Specificity is also called selectivity or True Negative Rate (TNR). The R function to calculate this is as follows:

getSpecificity <- function(df){
   confusion_matrix <- table(df$scored.class, df$class,
                        dnn = c("Predicted", "Actual"))
   TN <- confusion_matrix[2,2]
   FN <- confusion_matrix[2,1]
   FP <- confusion_matrix[1,2]
   TP <- confusion_matrix[1,1]
   Specificity <- (TN)/(TN+FP)
   return(Specificity)
}

Running on our data

getSpecificity(data)
## [1] 0.4736842

Verification using caret:

specificity(table(data$scored.class, data$class))
## [1] 0.4736842

Solution 08

Write a function that takes the data set as a dataframe, with actual and predicted classifications identified, and returns the F1 score of the predictions.

\[F1\ Score=\frac{2*Precision*Sensitivity}{Precision + Sensitivity}\]

F1 Score is the harmonic mean of precision and sensitivity. The highest possible value of F1 is 1, indicating perfect precision and recall, and the lowest possible value is 0, if either the precision or the recall is zero.

The R function is below:

getF1Score <- function(df){
   confusion_matrix <- table(df$scored.class, df$class,
                        dnn = c("Predicted", "Actual"))
   TN <- confusion_matrix[2,2]
   FN <- confusion_matrix[2,1]
   FP <- confusion_matrix[1,2]
   TP <- confusion_matrix[1,1]
   Sensitivity <- (TP)/(TP+FN)
   Precision <- (TP)/(TP+FP)
   F1Score <- (2 * Precision * Sensitivity)/(Precision + Sensitivity)
   return(F1Score)
}

Running on our data

getF1Score(data)
## [1] 0.8717949

Verification using caret:

acc$byClass['F1']
##        F1 
## 0.8717949

Solution 09

Before we move on, let’s consider a question that was asked: What are the bounds on the F1 score?
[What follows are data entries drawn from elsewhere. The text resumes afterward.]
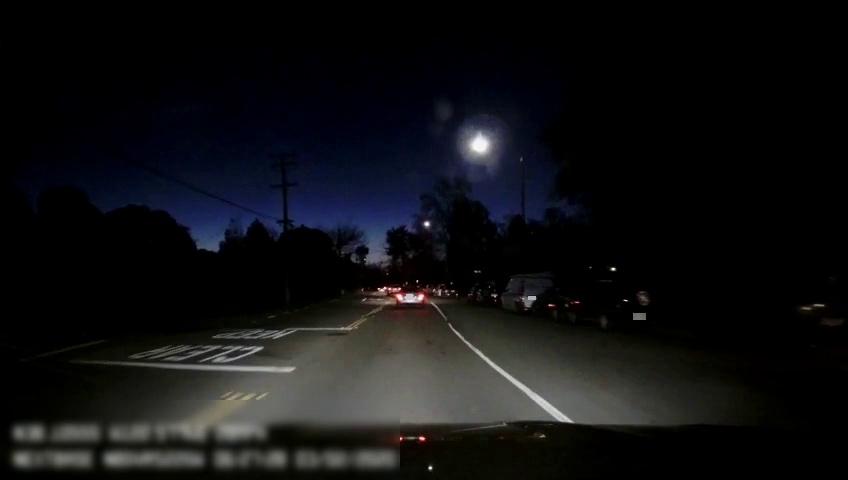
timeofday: Night
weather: Cloudy
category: Drivable Space
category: Vehicles | Car
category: Vehicles | SUV
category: Vehicles | Van
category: Vehicles | Car
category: Vehicles | Car
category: Vehicles | SUV
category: Lanes | Current Lane
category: Lanes | Current Lane
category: Lanes | Current Lane
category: Lanes | Opposite Lane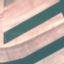
Land use / land cover: AnnualCrop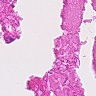
Metastatic tissue present: no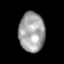
Tissue: lung
Cell type: T cells
Senescence score: 0.1976
Nuclear area (px): 1006
Mean DAPI intensity: 162.485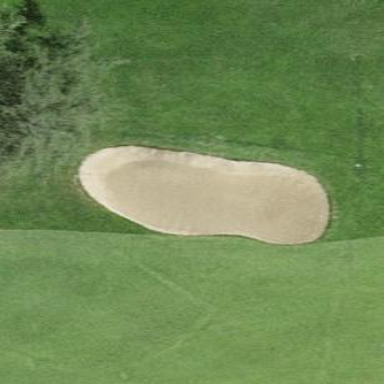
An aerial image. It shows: Sand bunker on golf course.

Show that the F1 score will always be between 0 and 1. (Hint: If 0 < a < 1 and 0 < b < 1 then a b < a)

Precision values can range from 0 to 1

\[0\ge P\ge 1\]

Sensitivity values can also range from 0 to 1

\[0\ge S\ge 1\] Using If 0 < a < 1 and 0 < b < 1 then a b < a, we get

\[PS\le S\] \[PS\le P\] This implies that

\[0\le PS\le P\le 1\] \[0\le PS\le S\le 1\]
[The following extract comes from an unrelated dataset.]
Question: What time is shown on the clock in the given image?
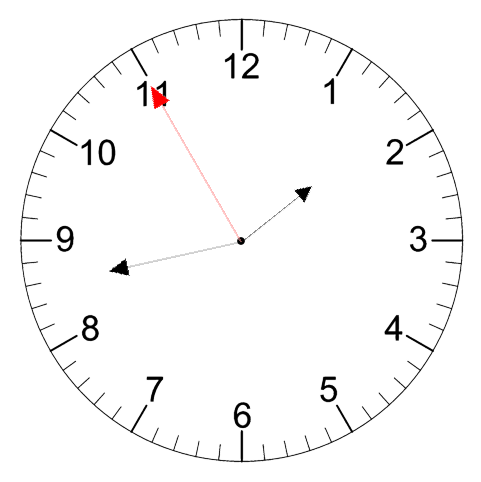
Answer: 01:42:55

The numerator in the equation ranges from 0 to 1 The denominator ranges from 0 to 2 Any reaulting quotient will range from 0 to 1.

Solution 10

Write a function that generates an ROC curve from a data set with a true classification column (class in our example) and a probability column (scored.probability in our example). Your function should return a list that includes the plot of the ROC curve and a vector that contains the calculated area under the curve (AUC). Note that I recommend using a sequence of thresholds ranging from 0 to 1 at 0.01 intervals.
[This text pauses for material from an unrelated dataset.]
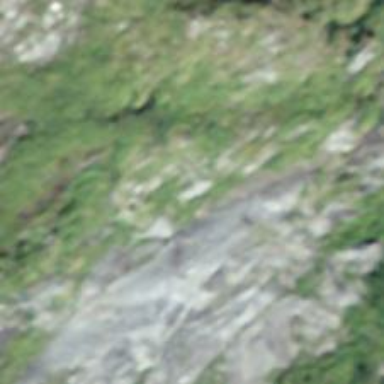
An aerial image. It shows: Natural cliff.

The function is given below

Roc_function<- function(d){ #d stands for dataframe that you will pass in function
   #Create a count
   temp <- table(d[ ,'class'], d[ ,"scored.probability"])
   #Calculate frequency
   allPos <- sum(data$class == 1, na.rm=TRUE)
   allNeg <- sum(data$class == 0, na.rm=TRUE)
   #Set threshold
   threshold <- seq(0,1,0.01)
   #Calculating probability for threshold
   x <- c()
   y <- c()
   for (i in 1:length(threshold)) {
      TP <- sum(data$scored.probability >= threshold[i] & data$class == 1, na.rm=TRUE)
      TN <- sum(data$scored.probability < threshold[i] & data$class == 0, na.rm=TRUE)
      y[i] <- TP / allPos
      x[i] <- 1-TN / allNeg
   }  

   rocPlot <- plot(x,y,type = "s", xlim=c(-0.5,1.5),
                 main = "ROC Curve from function",
                 xlab = "1-Specificity",
                 ylab = "Sensitivity")
   fPlot <- abline(0,1); fPlot

   xd <- c(0, abs(diff(x)))
   fAuc <- sum(xd*y); fAuc

   print(paste0("Area under the curve: ", fAuc))
}

Let us call the function on our data

Roc_function(data)

## [1] "Area under the curve: 0.843803056027165"

Solution 11

Use your created R functions and the provided classification output data set to produce all of the classification metrics discussed above.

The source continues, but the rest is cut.